Description of the task
Scan the records for the string "version" and copy every line that holds it.

Excerpts from a dataset
★ ★ ★ ★ ★ ★ ★
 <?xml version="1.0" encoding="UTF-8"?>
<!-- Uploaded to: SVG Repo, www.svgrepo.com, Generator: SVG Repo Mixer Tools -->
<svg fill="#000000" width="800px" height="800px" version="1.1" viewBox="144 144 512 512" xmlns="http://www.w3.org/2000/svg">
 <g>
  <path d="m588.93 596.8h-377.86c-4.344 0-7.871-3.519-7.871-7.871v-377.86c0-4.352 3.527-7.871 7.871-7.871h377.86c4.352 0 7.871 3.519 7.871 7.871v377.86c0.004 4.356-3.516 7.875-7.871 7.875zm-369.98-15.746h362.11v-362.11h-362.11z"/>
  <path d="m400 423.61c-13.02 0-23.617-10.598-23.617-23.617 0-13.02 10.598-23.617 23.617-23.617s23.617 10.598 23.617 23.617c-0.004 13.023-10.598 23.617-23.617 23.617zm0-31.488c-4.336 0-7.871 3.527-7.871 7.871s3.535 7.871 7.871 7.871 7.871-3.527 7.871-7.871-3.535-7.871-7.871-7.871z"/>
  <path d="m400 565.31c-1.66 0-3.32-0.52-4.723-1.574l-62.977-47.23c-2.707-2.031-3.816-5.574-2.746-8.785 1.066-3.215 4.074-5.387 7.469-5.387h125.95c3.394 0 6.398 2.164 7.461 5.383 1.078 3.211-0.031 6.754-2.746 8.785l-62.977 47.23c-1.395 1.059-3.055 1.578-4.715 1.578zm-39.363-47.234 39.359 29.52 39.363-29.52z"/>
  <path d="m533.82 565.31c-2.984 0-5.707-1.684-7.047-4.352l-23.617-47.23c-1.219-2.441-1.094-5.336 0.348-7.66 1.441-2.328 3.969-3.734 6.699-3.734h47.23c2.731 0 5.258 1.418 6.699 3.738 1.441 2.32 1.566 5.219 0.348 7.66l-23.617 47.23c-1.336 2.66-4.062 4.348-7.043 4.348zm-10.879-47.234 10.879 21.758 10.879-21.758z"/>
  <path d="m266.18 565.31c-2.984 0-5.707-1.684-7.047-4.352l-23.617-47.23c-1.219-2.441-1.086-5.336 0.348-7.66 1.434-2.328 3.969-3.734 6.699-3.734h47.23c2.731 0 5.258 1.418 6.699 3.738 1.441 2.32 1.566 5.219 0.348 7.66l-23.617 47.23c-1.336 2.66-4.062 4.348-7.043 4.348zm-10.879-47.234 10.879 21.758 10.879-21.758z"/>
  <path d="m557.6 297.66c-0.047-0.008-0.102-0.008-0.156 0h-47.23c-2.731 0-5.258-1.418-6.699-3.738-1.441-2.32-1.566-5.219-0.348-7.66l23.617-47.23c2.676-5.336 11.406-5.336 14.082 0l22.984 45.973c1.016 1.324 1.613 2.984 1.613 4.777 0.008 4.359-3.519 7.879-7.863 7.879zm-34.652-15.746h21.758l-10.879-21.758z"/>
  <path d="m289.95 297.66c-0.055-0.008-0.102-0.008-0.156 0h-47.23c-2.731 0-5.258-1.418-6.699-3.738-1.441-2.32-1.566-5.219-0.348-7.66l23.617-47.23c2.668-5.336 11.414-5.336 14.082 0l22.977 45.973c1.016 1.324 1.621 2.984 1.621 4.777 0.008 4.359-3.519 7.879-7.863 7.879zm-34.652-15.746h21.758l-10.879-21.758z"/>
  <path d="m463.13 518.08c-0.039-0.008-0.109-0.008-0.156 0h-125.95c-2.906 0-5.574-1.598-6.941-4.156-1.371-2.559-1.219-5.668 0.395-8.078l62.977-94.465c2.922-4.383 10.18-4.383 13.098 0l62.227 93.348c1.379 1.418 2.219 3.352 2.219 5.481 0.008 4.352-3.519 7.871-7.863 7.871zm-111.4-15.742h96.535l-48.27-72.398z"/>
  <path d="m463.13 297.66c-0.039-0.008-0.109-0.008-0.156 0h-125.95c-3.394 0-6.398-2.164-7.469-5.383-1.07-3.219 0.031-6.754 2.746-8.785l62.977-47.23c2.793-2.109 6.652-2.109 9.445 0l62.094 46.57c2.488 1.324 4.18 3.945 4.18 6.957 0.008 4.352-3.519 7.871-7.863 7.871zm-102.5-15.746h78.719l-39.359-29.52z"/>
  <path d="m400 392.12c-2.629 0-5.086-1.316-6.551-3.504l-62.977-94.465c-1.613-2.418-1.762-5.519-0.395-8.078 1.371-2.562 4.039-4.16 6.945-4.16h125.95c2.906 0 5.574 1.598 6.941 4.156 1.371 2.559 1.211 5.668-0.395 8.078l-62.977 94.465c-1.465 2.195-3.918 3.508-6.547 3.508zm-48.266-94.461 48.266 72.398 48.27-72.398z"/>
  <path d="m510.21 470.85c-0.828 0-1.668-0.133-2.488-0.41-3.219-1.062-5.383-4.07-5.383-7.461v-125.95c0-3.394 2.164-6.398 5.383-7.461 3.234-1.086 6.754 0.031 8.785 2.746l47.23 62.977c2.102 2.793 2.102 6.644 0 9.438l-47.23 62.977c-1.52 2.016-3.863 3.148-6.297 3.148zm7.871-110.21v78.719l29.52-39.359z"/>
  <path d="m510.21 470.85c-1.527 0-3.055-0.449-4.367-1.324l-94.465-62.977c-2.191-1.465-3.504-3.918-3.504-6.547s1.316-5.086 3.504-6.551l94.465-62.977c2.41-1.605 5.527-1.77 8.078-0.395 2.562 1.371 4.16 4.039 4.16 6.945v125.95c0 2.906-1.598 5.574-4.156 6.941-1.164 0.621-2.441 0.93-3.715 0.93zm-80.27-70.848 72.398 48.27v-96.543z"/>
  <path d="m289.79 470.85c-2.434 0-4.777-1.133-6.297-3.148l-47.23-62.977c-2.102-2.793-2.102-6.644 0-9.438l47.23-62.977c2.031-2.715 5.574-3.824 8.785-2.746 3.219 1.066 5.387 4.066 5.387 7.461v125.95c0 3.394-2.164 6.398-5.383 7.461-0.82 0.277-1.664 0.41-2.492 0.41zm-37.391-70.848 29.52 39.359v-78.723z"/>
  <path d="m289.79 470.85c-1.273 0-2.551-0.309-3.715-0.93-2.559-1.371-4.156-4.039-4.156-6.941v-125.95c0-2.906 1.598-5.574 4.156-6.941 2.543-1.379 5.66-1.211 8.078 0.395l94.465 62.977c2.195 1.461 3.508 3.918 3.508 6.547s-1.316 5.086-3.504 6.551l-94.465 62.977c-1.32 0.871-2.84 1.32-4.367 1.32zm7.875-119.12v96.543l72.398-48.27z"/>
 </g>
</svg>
★ ★ ★ ★ ★ ★ ★
Output for this exercise
 <?xml version="1.0" encoding="UTF-8"?>
<svg fill="#000000" width="800px" height="800px" version="1.1" viewBox="144 144 512 512" xmlns="http://www.w3.org/2000/svg">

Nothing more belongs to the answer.